In our banking example:

• Read Uncommitted can lead to seeing uncommitted or even potentially rolled-back transactions.
• Read Committed provides a more accurate view but can show different data if the same data is read multiple times in a transaction.
• Repeatable Read ensures consistency within a transaction but might miss concurrent changes.
• Serializable provides the highest level of data integrity but at the cost of concurrency, potentially leading to performance issues.

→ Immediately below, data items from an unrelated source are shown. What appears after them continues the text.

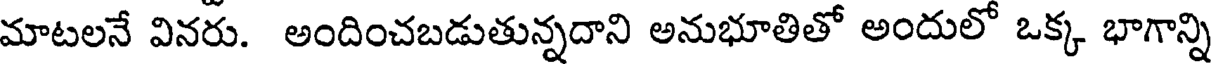
మాటలనే వినరు. అందించబడుతున్నదాని అనుభూతితో అందులో ఒక్క భాగాన్ని
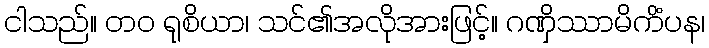
ငါသည်။ တဝ ရုစိယာ၊ သင်၏အလိုအားဖြင့်။ ဂဏှိဿာမိကိံပန၊
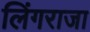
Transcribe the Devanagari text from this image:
लिंगराजा
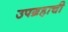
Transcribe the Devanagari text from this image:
उपग्रहाची
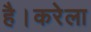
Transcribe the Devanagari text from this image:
है।करेला
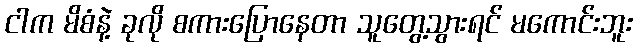
ငါက မိစံနဲ့ ခုလို စကားပြောနေတာ သူတွေ့သွားရင် မကောင်းဘူး
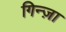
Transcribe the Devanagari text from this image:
गिन्ज़ा
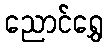
ညောင်ရွှေ
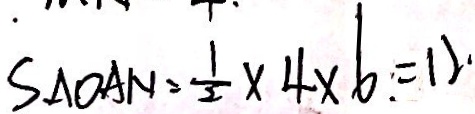
S _ { \Delta O A N } = \frac { 1 } { 2 } \times 4 \times 6 . = 1 2 .
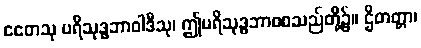
ဧတေသု ပရိသုဒ္ဓဘာဝါဒီသု၊ ဤပရိသုဒ္ဓဘာဝစသည်တို့၌။ ဌိတတ္တာ၊
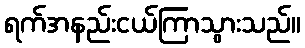
ရက်အနည်းငယ်ကြာသွားသည်။
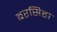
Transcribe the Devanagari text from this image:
बरसिहा
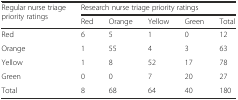
| <ROWSPAN=2> Regular nurse triage priority ratings | <COLSPAN=5> Research nurse triage priority ratings |
 | Red | Orange | Yellow | Green | Total |
 | --- | --- | --- | --- | --- | --- |
 | Red | 6 | 5 | 1 | 0 | 12 |
 | Orange | 1 | 55 | 4 | 3 | 63 |
 | Yellow | 1 | 8 | 52 | 17 | 78 |
 | Green | 0 | 0 | 7 | 20 | 27 |
 | Total | 8 | 68 | 64 | 40 | 180 |
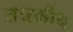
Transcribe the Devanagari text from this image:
तंत्रकीय

Each isolation level offers a different trade-off between accuracy of the data seen during transactions and the performance due to concurrency. The choice depends on the specific needs of the application – in banking, higher isolation is usually preferred to ensure data integrity.

Real-World Example #2

Imagine an online system where customers can select and book seats for a movie. We’ll focus on two customers, Emily and John, who are trying to book the last available seat for a popular movie at the same time.

Initial Condition:

• Available Seats: 1 seat remaining (Seat A10)

1. Read Uncommitted

• Emily’s Transaction: Begins a transaction to book Seat A10.
• John’s Transaction: Concurrently, checks available seats.
• Issue: With Read Uncommitted, John might see no seats available as Emily’s transaction is in progress, even though Emily hasn’t completed the booking yet. If Emily’s transaction fails or is rolled back, John will have seen a misleading “sold out” status.

2. Read Committed

• Emily’s Transaction: Attempts to book Seat A10 again.
• John’s Transaction: Checks for available seats after Emily’s transaction is committed.
• Outcome: John sees the correct “sold out” status only after Emily successfully books the seat. However, if John had checked the availability twice during his transaction, before and after Emily’s booking, he would see different statuses (1 seat available and then sold out), leading to a non-repeatable read.

3. Repeatable Read

• Emily’s Transaction: Tries to book Seat A10.
• John’s Transaction: Starts a transaction to check seat availability twice.
• Outcome: John sees the seat as available in both checks within his transaction, despite Emily booking it concurrently. This can lead to a situation where John tries to book the already booked seat, leading to a conflict or error later on (a phantom read issue).

4. Serializable

• Emily’s Transaction: Begins to book Seat A10.
• John’s Transaction: Tries to check the seat availability.
• Outcome: John’s transaction will wait until Emily’s transaction is completed. This ensures complete isolation and prevents John from seeing the seat as available when it’s actually being booked by Emily. However, this can slow down the system significantly if many users are trying to book tickets simultaneously.

Conclusion

In this movie theater ticket booking scenario:

• Read Uncommitted could falsely indicate no seats available while a booking is in progress.
• Read Committed ensures more accurate information but can still show fluctuating seat availability.
• Repeatable Read maintains consistent view within a transaction but risks missing real-time updates.
• Serializable ensures that users see the most accurate availability but might slow down the booking process due to sequential processing of transactions.